By comparing these two kinds of inquiry, the logical and the psychological, it would
seem (1) that it is a tremendous fallacy to confuse the two, which is why the famous critique
of psychologism is generally considered definitive, (2) that there is no third kind of inquiry
different from these two, and (3) that the two inquiries are equally justified. It would seem to
follow that complementarity means here that what one knows by means of the causal inquiry
is incompatible with what one knows by means of the logical inquiry, yet both grasp
something that is true.
Well, this is not at all what Grete Hermann was up to. If she was, then his whole analogy
with complementarity would be sadly lacking and uninteresting. She was not at all interested
in the logical aspect as such. Rather, she thought that the very process of thinking, as it has
actually happened in the mind of, say, a child who has been trying to solve a multiplication
problem, as a real process (not an ideal process to be studied by logicians), has two sides that
are complementary. One side is psychological in the ordinary sense of the word; we have
already described it. Yet the other side of the process we may call psychological as well but
we should be clear that it is subtly different from the first. The first side is so to speak
external, its form of inquiry observational: the inquirer is trying to explain what the child did.
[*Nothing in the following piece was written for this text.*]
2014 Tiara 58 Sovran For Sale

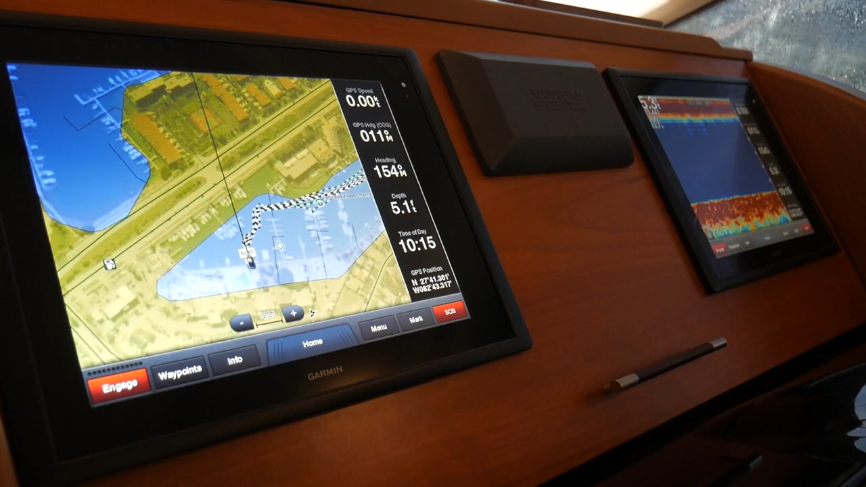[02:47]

The other side is internal, for here we do not observe the process from the outside as it were,
but from the inside, we try to carry it out ourselves in the same way it was carried out by the
child: we as inquirers are trying to understand the reasons the child had for proceeding the
way he or she did.
In each case we have to do with the very same real psychological, cognitive process. And
yet what we see is completely different. Both inquiries find something true and significant,
but what they find is not at all the same. In short, the mind of the child behaves causally and it
behaves non-causally at the same time.
Let’s return to the case of a moral decision and consider how we go about it. When any
of us is comparing the options and weighing the pros and cons of the impending choice, it is
impossible for us to examine ourselves from a causal point of view. All we see is reasons and
cannot see causes. If on the contrary we concentrate on our psychological or physical state of
mind, eg that we are tired, sleepy, angry, eager, indignant, or whatnot, all consideration of
what is right or wrong disappears. All we see is causes and no reasons. We cannot grasp both
aspects of the same process at the same time. Grete Hermann even added that sometimes the
choice before us is so difficult that we have to shift from one point of view to the other. This
process would be analogous to Heisenberg’s cut. Does any of this make sense to you?